Problem to solve =
Your answer should hold only the lines from the one with "JALANDHAR AUTOMOBILE MARKET" through the end of the records, repeated exactly and minus any pictures.

[Dataset records — start]

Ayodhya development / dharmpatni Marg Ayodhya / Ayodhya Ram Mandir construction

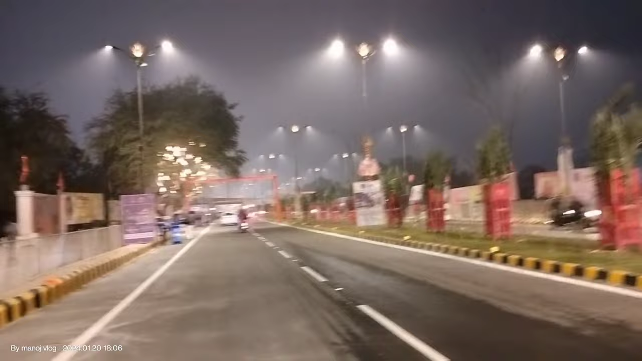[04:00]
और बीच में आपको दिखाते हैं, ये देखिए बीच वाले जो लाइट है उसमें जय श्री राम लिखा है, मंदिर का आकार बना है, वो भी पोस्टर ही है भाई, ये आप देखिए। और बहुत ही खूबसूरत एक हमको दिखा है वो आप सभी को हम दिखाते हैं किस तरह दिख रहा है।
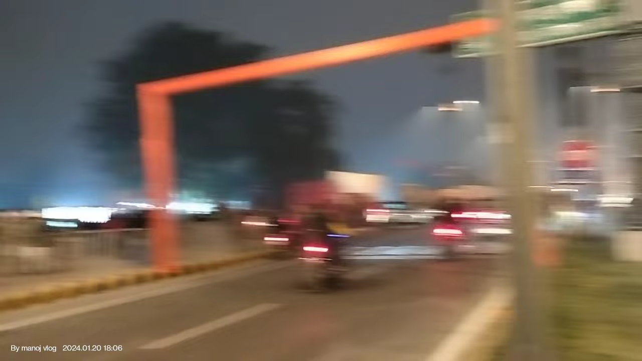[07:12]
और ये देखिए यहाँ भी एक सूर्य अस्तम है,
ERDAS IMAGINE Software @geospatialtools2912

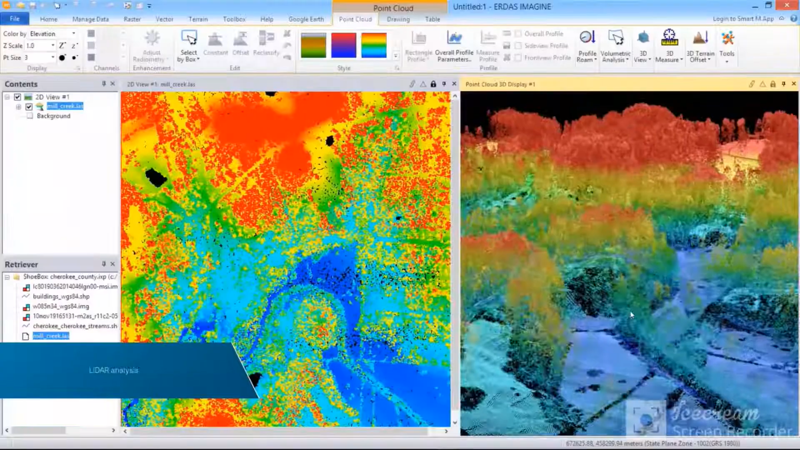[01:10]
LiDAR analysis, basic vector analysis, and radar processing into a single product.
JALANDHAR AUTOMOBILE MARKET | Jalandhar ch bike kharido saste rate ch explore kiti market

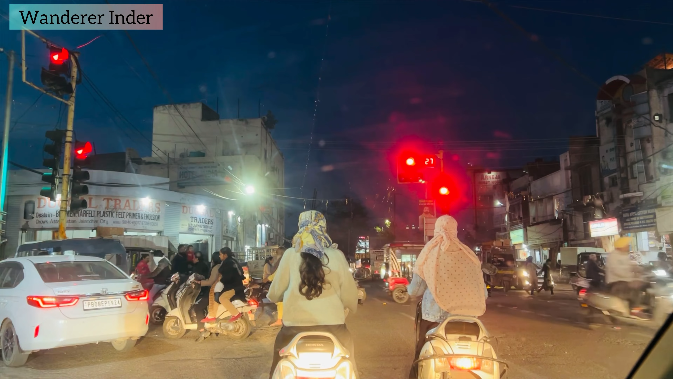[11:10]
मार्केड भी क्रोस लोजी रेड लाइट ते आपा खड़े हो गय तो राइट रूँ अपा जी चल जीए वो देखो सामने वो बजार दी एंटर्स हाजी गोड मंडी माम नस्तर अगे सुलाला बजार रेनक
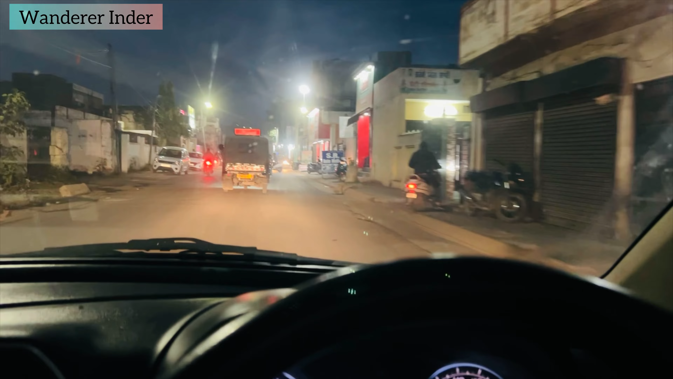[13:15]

[Dataset records — finish]

Your solution =
JALANDHAR AUTOMOBILE MARKET | Jalandhar ch bike kharido saste rate ch explore kiti market

[11:10]
मार्केड भी क्रोस लोजी रेड लाइट ते आपा खड़े हो गय तो राइट रूँ अपा जी चल जीए वो देखो सामने वो बजार दी एंटर्स हाजी गोड मंडी माम नस्तर अगे सुलाला बजार रेनक
[13:15]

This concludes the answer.